TASK REQUIREMENTS
For the entries below, repeat exactly each line starting with the one that contains "C164.173,98.908 163.935,98.679 163.646,98.679" and going on through the one that contains "C0.469,121.236 0.01,144.014 0.329,166.207", and no others.

---- DATA FOR THE TASK

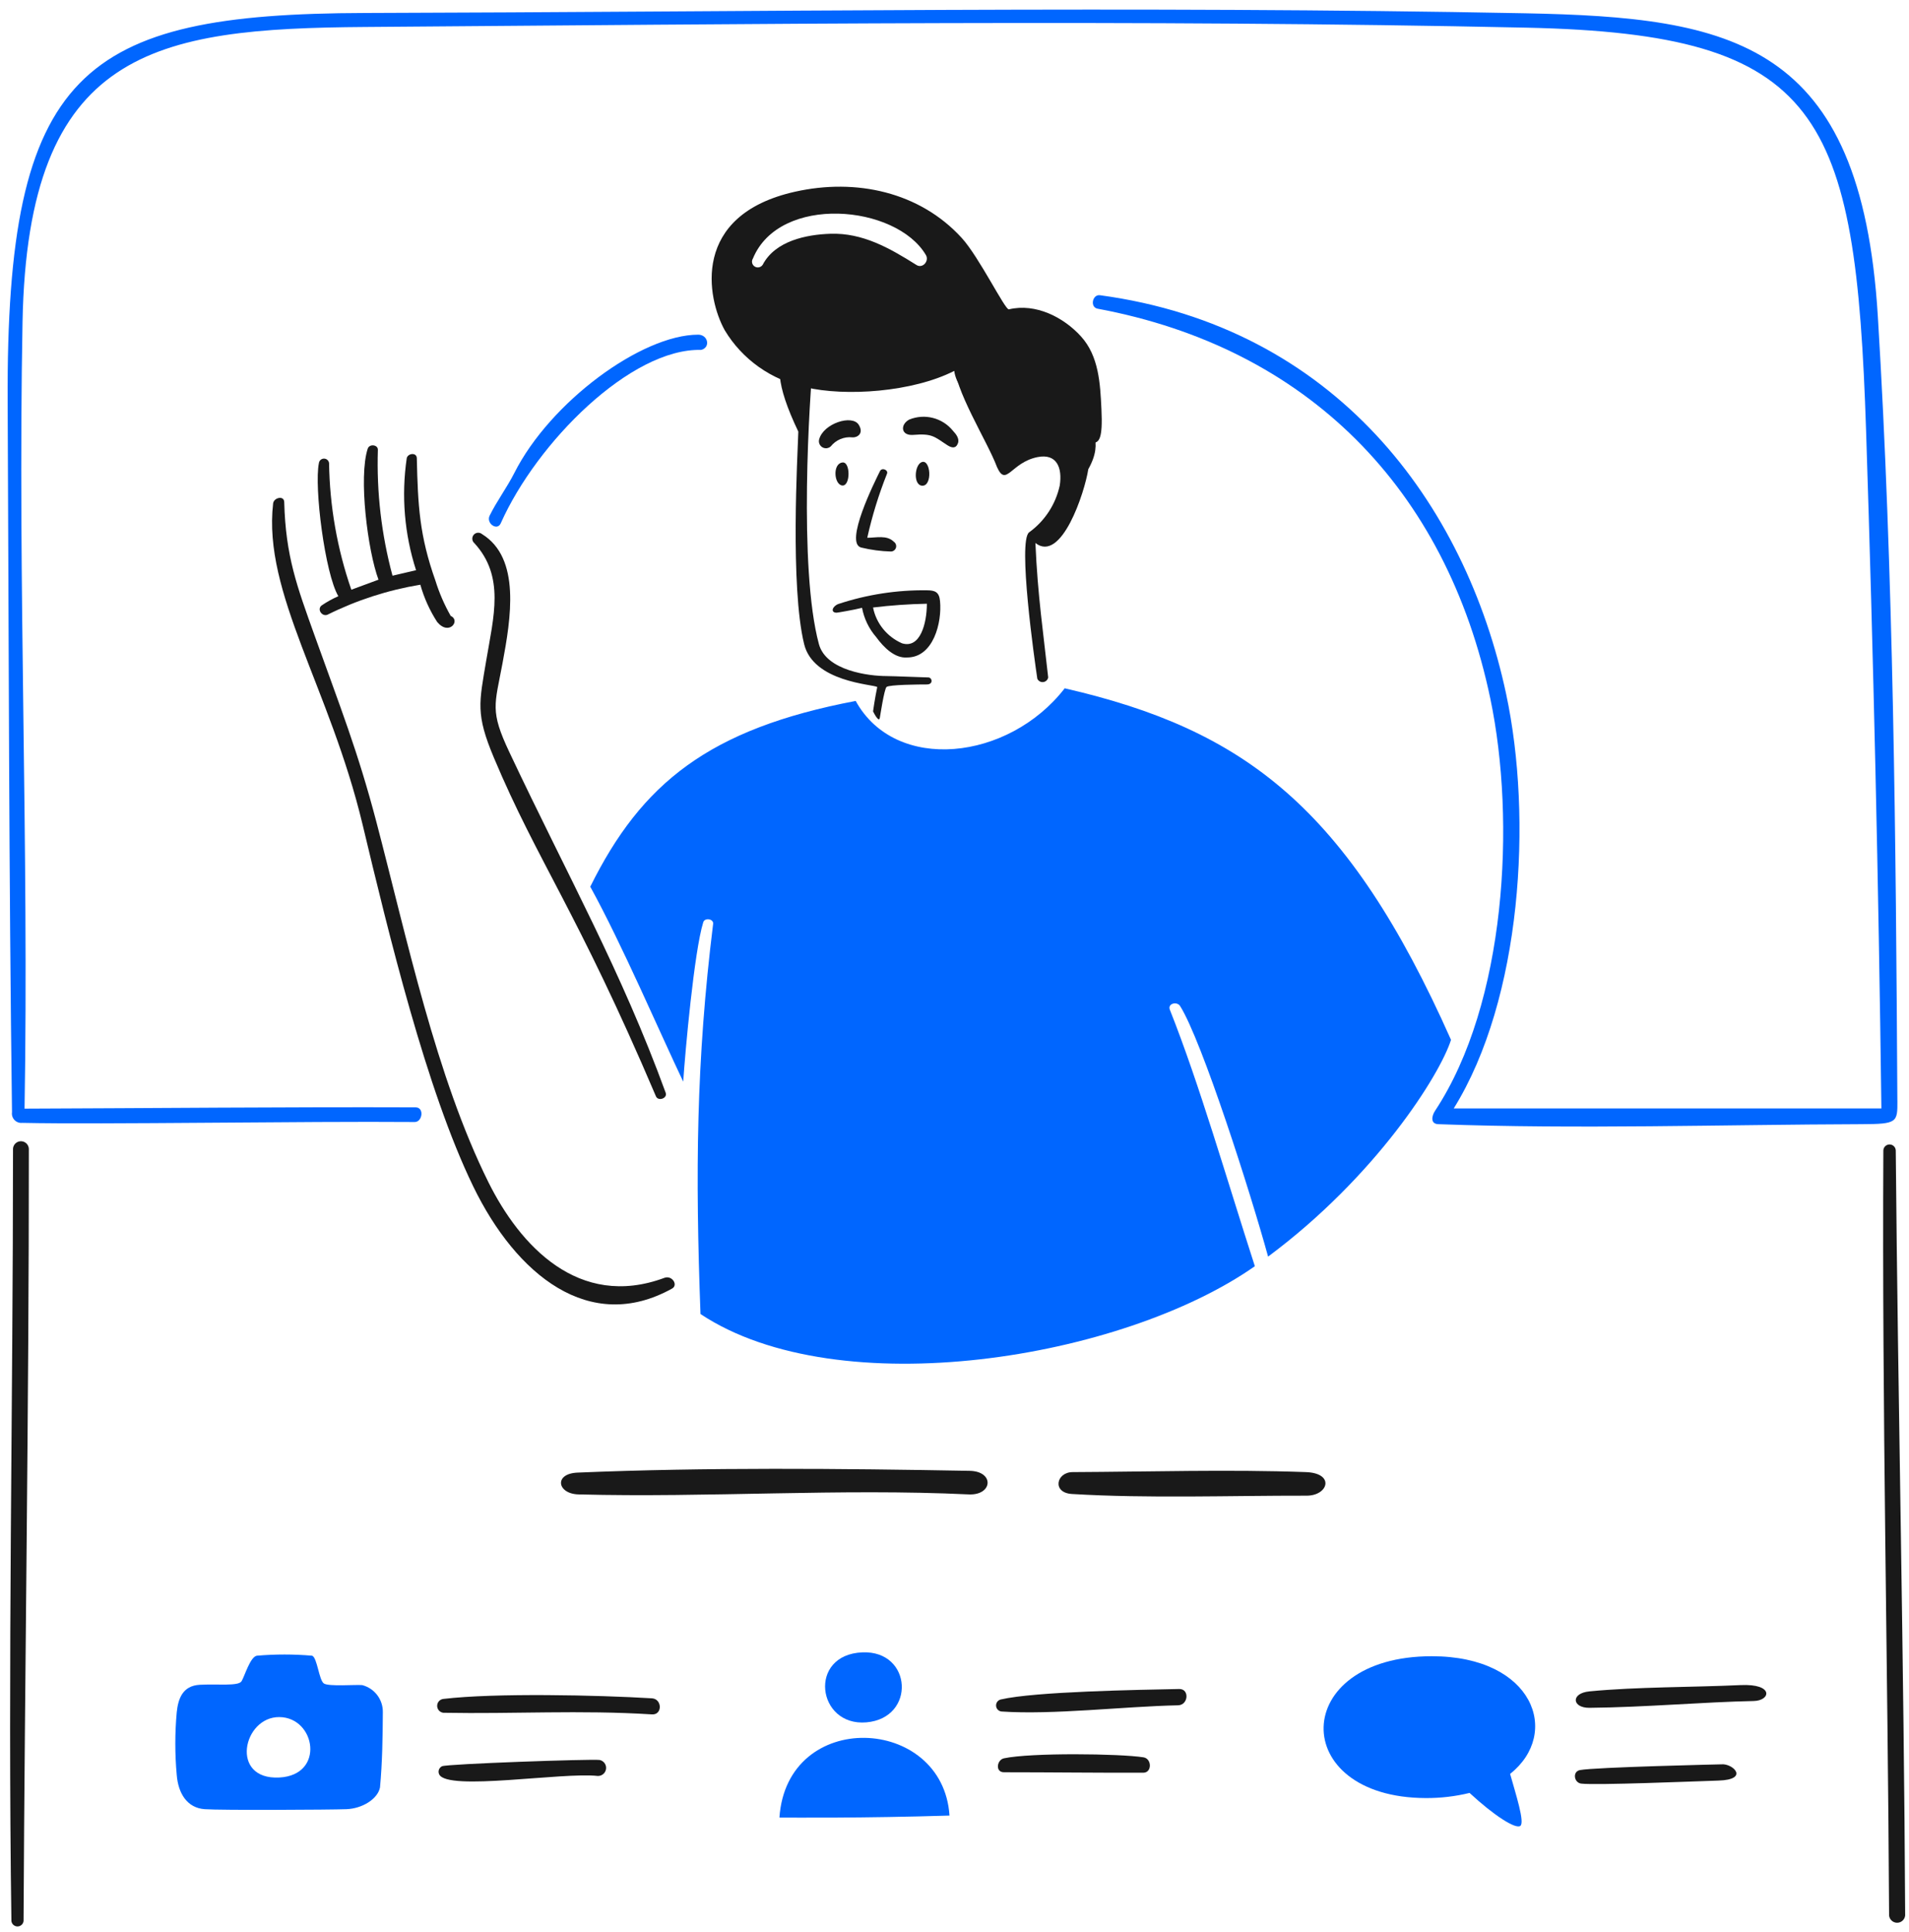 <?xml version="1.0" encoding="UTF-8"?>
<svg width="166px" height="168px" viewBox="0 0 166 168" version="1.1" xmlns="http://www.w3.org/2000/svg" xmlns:xlink="http://www.w3.org/1999/xlink">
    <title>jobs-step-1</title>
    <g id="Page-1" stroke="none" stroke-width="1" fill="none" fill-rule="evenodd">
        <g id="jobs-step-1" transform="translate(0.663, 0.834)" fill-rule="nonzero">
            <path d="M82.634,37.713 C82.786,37.301 82.467,36.909 82.201,36.623 C81.287,35.493 79.739,35.098 78.396,35.651 C77.591,36.09 77.677,37.069 78.747,36.981 C80.402,36.846 80.557,37.12 81.701,37.867 C82.08,38.113 82.449,38.206 82.634,37.713 L82.634,37.713 Z" id="Path" fill="#191919"></path>
            <path d="M72.568,41.38 C73.307,41.478 73.307,39.238 72.568,39.384 C71.73,39.504 71.857,41.285 72.568,41.38 Z" id="Path" fill="#191919"></path>
            <path d="M79.466,39.357 C78.852,39.62 78.74,41.356 79.526,41.399 C80.445,41.45 80.272,39.019 79.466,39.357 Z" id="Path" fill="#191919"></path>
            <path d="M76.458,40.382 C76.628,40.041 76.031,39.785 75.86,40.126 C75.434,40.979 72.704,46.439 74.239,46.78 C75.078,46.983 75.936,47.098 76.799,47.121 C77.005,47.123 77.188,46.989 77.247,46.791 C77.306,46.593 77.228,46.381 77.055,46.268 C76.458,45.671 75.519,45.927 74.751,45.927 C75.172,44.036 75.742,42.182 76.458,40.382 L76.458,40.382 Z" id="Path" fill="#191919"></path>
            <path d="M72.091,52.441 C72.173,52.441 73.643,52.187 74.297,52.018 C74.476,52.964 74.9,53.842 75.523,54.557 C76.191,55.478 77.157,56.424 78.219,56.335 C80.506,56.335 81.26,53.286 81.078,51.425 C81.004,50.662 80.67,50.494 79.935,50.494 C77.33,50.46 74.737,50.86 72.255,51.679 C71.727,51.862 71.512,52.441 72.091,52.441 L72.091,52.441 Z M79.934,51.662 C79.934,53.388 79.348,55.6 77.762,55.099 C76.459,54.524 75.524,53.364 75.255,51.99 C76.808,51.802 78.37,51.692 79.934,51.662 L79.934,51.662 Z" id="Shape" fill="#191919"></path>
            <path d="M73.46,37.195 C73.819,37.235 74.502,36.903 74.012,36.104 C73.444,35.181 70.932,35.981 70.566,37.375 C70.497,37.639 70.611,37.916 70.845,38.057 C71.079,38.197 71.377,38.166 71.577,37.98 C72.029,37.413 72.739,37.116 73.46,37.195 L73.46,37.195 Z" id="Path" fill="#191919"></path>
            <path d="M68.756,36.696 C68.693,38.699 68.038,50.155 69.261,55.171 C70.067,58.474 75.234,58.663 75.62,58.902 C75.415,59.861 75.255,61.02 75.255,61.02 C75.255,61.02 75.744,62.035 75.84,61.605 C75.862,61.505 76.218,59.109 76.425,58.902 C76.632,58.696 79.349,58.68 79.934,58.68 C80.519,58.68 80.396,58.071 80.058,58.071 C79.721,58.071 77.004,57.952 76.425,57.952 C74.942,57.952 71.179,57.509 70.546,55.171 C68.756,48.561 69.732,33.534 70.067,30.373 C73.127,30.812 78.721,30.96 82.274,30.607 C82.294,33.057 85.174,37.483 86.033,39.777 C86.834,41.57 87.237,39.374 89.559,38.912 C91.226,38.582 91.728,39.824 91.489,41.381 C91.134,43.02 90.186,44.47 88.827,45.453 C87.822,46.187 89.3,56.595 89.539,58.185 C89.629,58.383 89.837,58.5 90.053,58.474 C90.269,58.448 90.444,58.285 90.484,58.071 C90.078,54.326 89.566,50.947 89.373,46.383 C91.631,48.153 93.654,42.002 93.971,39.965 C95.411,37.399 93.971,36.456 93.929,34.708 C95.507,34.275 93.156,33.375 92.801,31.777 C92.446,30.179 89.736,29.161 88.122,29.437 C91.309,26.604 87.454,25.813 84.613,28.268 C85.278,22.852 82.175,22.786 81.104,28.268 C79.525,25.241 77.88,23.604 78.765,28.268 C73.975,26.565 69.83,25.811 72.916,28.268 C68.998,29.04 64.728,28.268 68.756,36.696 L68.756,36.696 Z" id="Path" fill="#191919"></path>
            <path d="M82.316,31.416 C82.542,33.43 85.735,36.074 89.399,38.677 C89.959,39.075 90.847,38.362 91.25,38.047 C93.866,36.257 95.366,39.953 95.113,34.721 C95.007,32.519 94.892,30.14 93.343,28.426 C91.833,26.756 89.396,25.505 87.065,26.065 C86.742,26.14 84.479,21.511 82.96,19.849 C79.313,15.858 73.783,14.648 68.473,15.836 C59.376,17.87 60.825,25.122 62.354,27.875 C63.873,30.415 66.414,32.214 69.356,32.832 C72.858,33.668 78.704,33.258 82.317,31.416 L82.316,31.416 Z M79.849,21.34 C80.165,21.875 79.539,22.571 78.996,22.186 C76.67,20.724 74.343,19.403 71.552,19.493 C69.459,19.56 66.745,20.109 65.66,22.186 C65.51,22.42 65.198,22.489 64.962,22.34 C64.727,22.192 64.657,21.882 64.807,21.648 C67.118,16.041 77.255,16.944 79.849,21.34 L79.849,21.34 Z" id="Shape" fill="#191919"></path>
            <path d="M57.78,111.209 C58.332,110.902 57.78,110.032 57.115,110.277 C49.637,113.052 44.527,107.431 41.814,101.975 C37.261,92.816 34.726,80.773 32.068,70.642 C30.447,64.461 28.925,60.664 26.673,54.37 C25.175,50.18 24.175,47.55 24.052,42.821 C24.037,42.222 23.145,42.435 23.087,42.941 C22.19,50.749 28.016,58.947 30.871,70.881 C33.132,80.335 36.392,93.892 40.484,102.321 C44.223,110.024 50.604,115.198 57.78,111.209 L57.78,111.209 Z" id="Path" fill="#191919"></path>
            <path d="M27.324,51.798 C26.867,52.117 27.324,52.816 27.817,52.616 C30.363,51.35 33.083,50.471 35.888,50.008 C36.211,51.156 36.704,52.248 37.351,53.248 C38.389,54.492 39.415,53.113 38.529,52.722 C37.976,51.749 37.53,50.72 37.199,49.651 C35.814,45.747 35.675,43.142 35.582,39.008 C35.57,38.476 34.788,38.582 34.705,39.008 C34.226,42.274 34.503,45.605 35.516,48.746 L33.468,49.225 C32.507,45.658 32.078,41.968 32.196,38.275 C32.206,37.83 31.458,37.737 31.312,38.182 C30.502,40.662 31.312,47.057 32.25,49.571 L29.888,50.443 C28.66,46.9 28.007,43.183 27.952,39.433 C27.924,39.211 27.734,39.043 27.51,39.043 C27.285,39.043 27.096,39.21 27.068,39.433 C26.641,41.496 27.594,49.04 28.757,51.008 C28.256,51.226 27.776,51.491 27.324,51.799 L27.324,51.798 Z" id="Path" fill="#191919"></path>
            <path d="M41.621,56.581 C41,60.293 40.685,61.243 42.287,65.057 C46.064,74.049 49.517,78.377 56.376,94.494 C56.572,94.952 57.401,94.669 57.221,94.181 C53.337,83.537 48.811,75.548 43.63,64.571 C41.924,60.957 42.357,60.472 43.031,56.851 C43.76,52.947 44.638,47.701 41.255,45.609 C41.037,45.425 40.711,45.453 40.528,45.671 C40.344,45.889 40.372,46.215 40.59,46.399 C43.251,49.303 42.257,52.782 41.621,56.582 L41.621,56.581 Z" id="Path" fill="#191919"></path>
            <path d="M83.652,127.059 C72.53,126.856 60.667,126.746 49.558,127.213 C47.475,127.3 47.789,129.06 49.638,129.108 C60.888,129.403 72.392,128.575 83.566,129.108 C85.669,129.208 85.828,127.099 83.653,127.059 L83.652,127.059 Z" id="Path" fill="#191919"></path>
            <path d="M112.895,127.169 C106.243,126.928 99.271,127.139 92.605,127.169 C91.181,127.176 90.802,128.967 92.551,129.072 C99.157,129.469 106.309,129.207 112.954,129.218 C114.842,129.222 115.439,127.262 112.895,127.169 L112.895,127.169 Z" id="Path" fill="#191919"></path>
            <path d="M149.025,152.579 C148.952,152.579 138.033,152.827 136.724,153.078 C136.058,153.205 136.198,154.179 136.837,154.256 C138.129,154.409 146.637,154.06 148.752,153.992 C151.506,153.913 150.016,152.479 149.025,152.579 L149.025,152.579 Z" id="Path" fill="#191919"></path>
            <path d="M101.875,146.029 C98.423,146.1 89.32,146.245 86.355,146.941 C86.107,147.002 85.937,147.232 85.952,147.488 C85.966,147.743 86.161,147.952 86.415,147.985 C90.912,148.291 97.007,147.547 101.776,147.446 C102.681,147.428 102.787,146.011 101.876,146.029 L101.875,146.029 Z" id="Path" fill="#191919"></path>
            <path d="M150.685,145.689 C146.474,145.885 141.684,145.836 137.553,146.235 C135.897,146.394 136.03,147.68 137.553,147.665 C142.423,147.617 147.394,147.164 151.843,147.073 C153.3,147.043 153.627,145.552 150.685,145.689 L150.685,145.689 Z" id="Path" fill="#191919"></path>
            <path d="M51.474,152.199 C50.727,152.105 38.227,152.54 37.776,152.745 C37.648,152.805 37.55,152.915 37.503,153.049 C37.457,153.183 37.467,153.33 37.53,153.456 C38.246,154.931 48.259,153.242 51.32,153.59 C51.686,153.6 51.998,153.328 52.038,152.965 C52.078,152.602 51.833,152.269 51.474,152.199 L51.474,152.199 Z" id="Path" fill="#191919"></path>
            <path d="M98.767,151.969 C96.7,151.645 88.967,151.556 86.633,152.057 C86.019,152.188 85.861,153.268 86.633,153.268 C90.684,153.268 94.749,153.321 98.761,153.308 C99.518,153.303 99.506,152.085 98.767,151.969 L98.767,151.969 Z" id="Path" fill="#191919"></path>
            <path d="M56.03,146.839 C51.333,146.556 42.4,146.358 37.888,146.892 C37.582,146.927 37.351,147.186 37.351,147.494 C37.351,147.802 37.582,148.061 37.888,148.096 C44.015,148.209 49.797,147.844 56.03,148.236 C56.955,148.294 56.92,146.893 56.03,146.839 L56.03,146.839 Z" id="Path" fill="#191919"></path>
            <path d="M164.185,99.197 C164.173,98.908 163.935,98.679 163.646,98.679 C163.356,98.679 163.118,98.908 163.107,99.197 C162.989,121.956 163.496,143.814 163.606,165.722 C163.642,166.081 163.944,166.354 164.304,166.354 C164.665,166.354 164.967,166.081 165.003,165.722 C164.903,143.794 164.378,121.325 164.185,99.197 L164.185,99.197 Z" id="Path" fill="#191919"></path>
            <path d="M0.469,99.117 C0.469,121.236 0.01,144.014 0.329,166.207 C0.362,166.474 0.589,166.675 0.858,166.675 C1.127,166.675 1.354,166.474 1.386,166.207 C1.486,144.819 1.859,121.25 1.845,99.11 C1.853,98.858 1.722,98.623 1.505,98.495 C1.288,98.368 1.018,98.369 0.803,98.499 C0.587,98.628 0.459,98.865 0.469,99.117 L0.469,99.117 Z" id="Path" fill="#191919"></path>
            <path d="M101.955,86.644 C103.857,89.658 108.102,102.955 109.606,108.431 C118.979,101.465 124.547,92.64 125.512,89.584 C116.524,69.374 107.55,62.608 91.92,59.016 C87.044,65.316 77.211,66.414 73.745,60.114 C60.976,62.541 55.122,67.272 50.664,76.267 C53.384,81.189 56.778,89.093 58.747,93.218 C58.913,90.669 59.702,81.869 60.49,79.357 C60.624,78.931 61.401,79.064 61.348,79.496 C59.866,91.472 59.798,101.204 60.25,113.424 C72.278,121.407 96.952,117.336 108.455,109.266 C106.02,101.735 103.62,93.387 101.064,86.967 C100.847,86.426 101.68,86.207 101.955,86.645 L101.955,86.644 Z" id="Path" fill="#0066FF"></path>
            <path d="M30.831,145.689 C30.245,145.636 27.936,145.829 27.504,145.55 C27.073,145.271 26.925,143.3 26.48,143.134 C24.88,142.995 23.27,142.995 21.67,143.134 C21.085,143.241 20.612,144.911 20.339,145.357 C20.067,145.802 18.197,145.576 16.7,145.662 C15.204,145.748 14.825,146.89 14.705,148.057 C14.541,149.866 14.541,151.687 14.705,153.496 C14.833,155.119 15.616,156.372 17.14,156.479 C18.53,156.581 28.07,156.532 29.461,156.479 C30.852,156.425 32.181,155.588 32.381,154.59 C32.583,152.419 32.614,150.238 32.627,148.057 C32.65,146.947 31.906,145.967 30.831,145.689 L30.831,145.689 Z M23.626,153.725 C19.289,153.947 20.46,148.443 23.626,148.47 C26.792,148.497 27.625,153.52 23.626,153.725 Z" id="Shape" fill="#0066FF"></path>
            <path d="M67.113,157.209 C68.444,157.209 74.238,157.269 81.902,157.034 C81.337,148.308 67.766,147.683 67.113,157.209 Z" id="Path" fill="#0066FF"></path>
            <path d="M74.677,148.929 C78.995,148.556 78.669,142.674 74.338,142.842 C69.553,143.027 70.366,149.301 74.677,148.929 Z" id="Path" fill="#0066FF"></path>
            <path d="M123.845,143.179 C111.459,143.179 111.312,155.47 123.313,155.512 C124.597,155.519 125.877,155.37 127.125,155.066 C129.287,157.062 131.117,158.22 131.535,157.934 C131.954,157.648 131.136,155.153 130.651,153.41 C135.095,149.891 132.7,143.179 123.845,143.179 L123.845,143.179 Z" id="Path" fill="#0066FF"></path>
            <path d="M60.049,28.267 C55.129,28.267 47.182,34.116 44.068,40.28 C43.415,41.572 42.526,42.751 41.914,44.004 C41.589,44.667 42.57,45.365 42.879,44.67 C46.012,37.625 54.2,29.436 60.309,29.591 C61.142,29.38 60.911,28.267 60.049,28.267 L60.049,28.267 Z" id="Path" fill="#0066FF"></path>
            <path d="M164.325,94.86 C164.198,72.401 163.995,49.043 162.627,26.665 C161.168,2.769 149.987,0.672 131.959,0.321 C98.157,-0.335 64.795,0.203 31.069,0.295 C6.417,0.362 -0.142,5.317 0.002,34.123 C0.105,54.619 0.108,75.403 0.381,95.871 C0.343,96.121 0.424,96.375 0.6,96.558 C0.776,96.741 1.027,96.831 1.279,96.802 C8.204,96.952 25.755,96.652 35.4,96.729 C36.065,96.734 36.258,95.455 35.473,95.451 C24.164,95.412 12.808,95.525 1.472,95.565 C1.858,72.827 0.87,49.889 1.296,27.184 C1.737,3.441 12.797,1.647 31.071,1.512 C64.746,1.262 98.368,0.847 132.061,1.571 C157.74,2.124 160.703,8.969 161.606,36.65 C162.245,56.275 162.689,75.908 162.936,95.548 L125.748,95.548 C131.669,86.016 132.616,70.313 130.305,59.508 C126.752,42.878 115.435,27.596 94.987,24.836 C94.322,24.749 94.102,25.881 94.775,26.007 C112.971,29.401 125.107,41.613 128.935,59.935 C131.158,70.578 130.303,86.404 124.125,95.752 C123.821,96.211 123.713,96.892 124.404,96.916 C136.458,97.363 149.112,96.954 161.226,96.916 C164.328,96.905 164.337,96.762 164.328,94.86 L164.325,94.86 Z" id="Path" fill="#0066FF"></path>
        </g>
    </g>
</svg>

--------

RESULT OF THE EXERCISE
            <path d="M164.185,99.197 C164.173,98.908 163.935,98.679 163.646,98.679 C163.356,98.679 163.118,98.908 163.107,99.197 C162.989,121.956 163.496,143.814 163.606,165.722 C163.642,166.081 163.944,166.354 164.304,166.354 C164.665,166.354 164.967,166.081 165.003,165.722 C164.903,143.794 164.378,121.325 164.185,99.197 L164.185,99.197 Z" id="Path" fill="#191919"></path>
            <path d="M0.469,99.117 C0.469,121.236 0.01,144.014 0.329,166.207 C0.362,166.474 0.589,166.675 0.858,166.675 C1.127,166.675 1.354,166.474 1.386,166.207 C1.486,144.819 1.859,121.25 1.845,99.11 C1.853,98.858 1.722,98.623 1.505,98.495 C1.288,98.368 1.018,98.369 0.803,98.499 C0.587,98.628 0.459,98.865 0.469,99.117 L0.469,99.117 Z" id="Path" fill="#191919"></path>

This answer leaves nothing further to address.